Task brief:
Below are some records; copy them word for word and drop the pictures.
☆ ☆ ☆ ☆ ☆
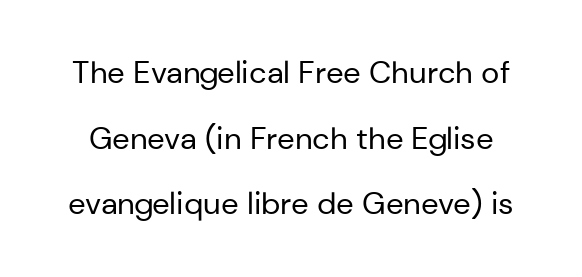
{"serif": "no", "italic": "no", "bold": "no", "weight": "regular", "width": "normal", "stroke_contrast": "low", "x_height": "medium", "monospaced": "no", "underline": "no", "line_spacing": "loose", "line_spacing_ratio": 2.12, "letter_spacing": "normal", "letter_spacing_em": 0.0, "glyph_px": 31}
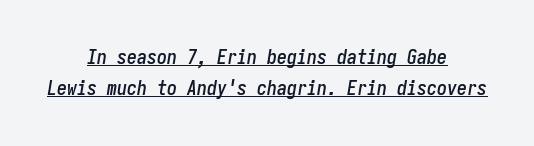
Q: Is the text italic (slanted)? A: Yes, it leans right by about 9 degrees.
Q: Is the text underlined? A: Yes.
Q: How is the paragraph aligned? A: Centered.
Q: Is the spacing between letters normal or unusually wide? A: Normal.
Q: Is the spacing between lines tight, normal or loose? A: Normal.
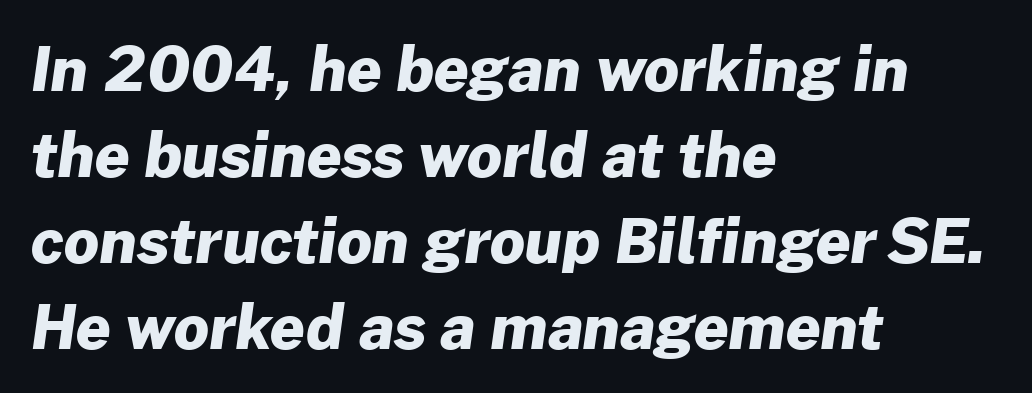
The image shows 61 px heavy sans-serif type; set left-aligned, normal line spacing (1.41x), normal letter spacing, not underlined; low stroke contrast and a medium x-height.
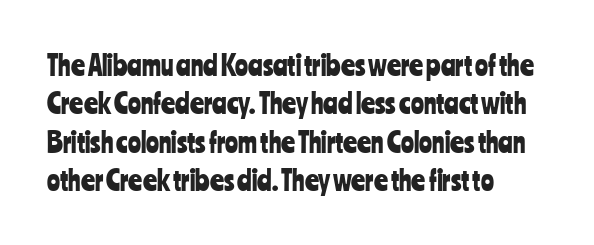
Q: Is the text italic (slanted)? A: No, it is upright.
Q: Is the text underlined? A: No.
Q: How is the paragraph aligned? A: Left-aligned.
Q: Is the spacing between letters normal or unusually wide? A: Normal.
Q: Is the spacing between lines tight, normal or loose? A: Normal.
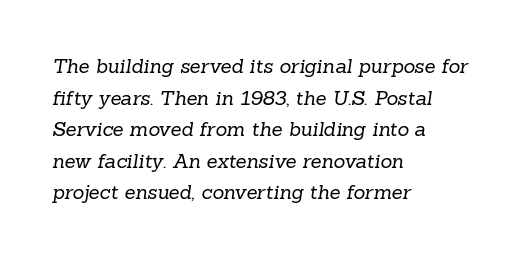
{"bold": "no", "underline": "no", "align": "left", "line_spacing": "normal", "line_spacing_ratio": 1.58, "letter_spacing": "normal", "letter_spacing_em": 0.0, "glyph_px": 20}
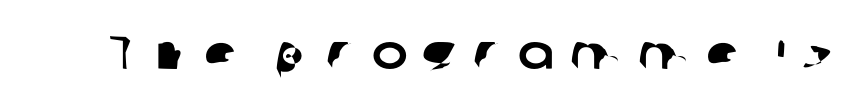
Q: Is the typeface a serif or a sans-serif typeface? A: Sans-serif.
Q: Is the text underlined? A: No.
Q: Is the spacing between letters normal or unusually wide? A: Unusually wide.
Q: Width (condensed, normal, or wide)? A: Normal.
Q: Stroke contrast? A: Low.
Q: x-height? A: Medium.
Q: Monospaced? A: No.
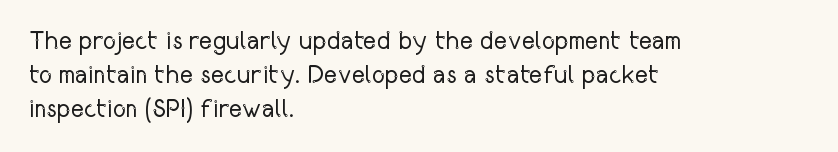
{"italic": "no", "bold": "no", "underline": "no", "align": "left", "line_spacing": "normal", "line_spacing_ratio": 1.37, "letter_spacing": "normal", "letter_spacing_em": 0.0, "glyph_px": 25}
☆ ☆ ☆ ☆ ☆
Result of this exercise:
{"serif": "no", "italic": "no", "bold": "no", "weight": "regular", "width": "normal", "stroke_contrast": "low", "x_height": "medium", "monospaced": "no", "underline": "no", "line_spacing": "loose", "line_spacing_ratio": 2.12, "letter_spacing": "normal", "letter_spacing_em": 0.0, "glyph_px": 31}
Q: Is the text italic (slanted)? A: Yes, it leans right by about 9 degrees.
Q: Is the text underlined? A: Yes.
Q: How is the paragraph aligned? A: Centered.
Q: Is the spacing between letters normal or unusually wide? A: Normal.
Q: Is the spacing between lines tight, normal or loose? A: Normal.
The image shows 61 px heavy sans-serif type; set left-aligned, normal line spacing (1.41x), normal letter spacing, not underlined; low stroke contrast and a medium x-height.
Q: Is the text italic (slanted)? A: No, it is upright.
Q: Is the text underlined? A: No.
Q: How is the paragraph aligned? A: Left-aligned.
Q: Is the spacing between letters normal or unusually wide? A: Normal.
Q: Is the spacing between lines tight, normal or loose? A: Normal.
{"bold": "no", "underline": "no", "align": "left", "line_spacing": "normal", "line_spacing_ratio": 1.58, "letter_spacing": "normal", "letter_spacing_em": 0.0, "glyph_px": 20}
Q: Is the typeface a serif or a sans-serif typeface? A: Sans-serif.
Q: Is the text underlined? A: No.
Q: Is the spacing between letters normal or unusually wide? A: Unusually wide.
Q: Width (condensed, normal, or wide)? A: Normal.
Q: Stroke contrast? A: Low.
Q: x-height? A: Medium.
Q: Monospaced? A: No.
{"italic": "no", "bold": "no", "underline": "no", "align": "left", "line_spacing": "normal", "line_spacing_ratio": 1.37, "letter_spacing": "normal", "letter_spacing_em": 0.0, "glyph_px": 25}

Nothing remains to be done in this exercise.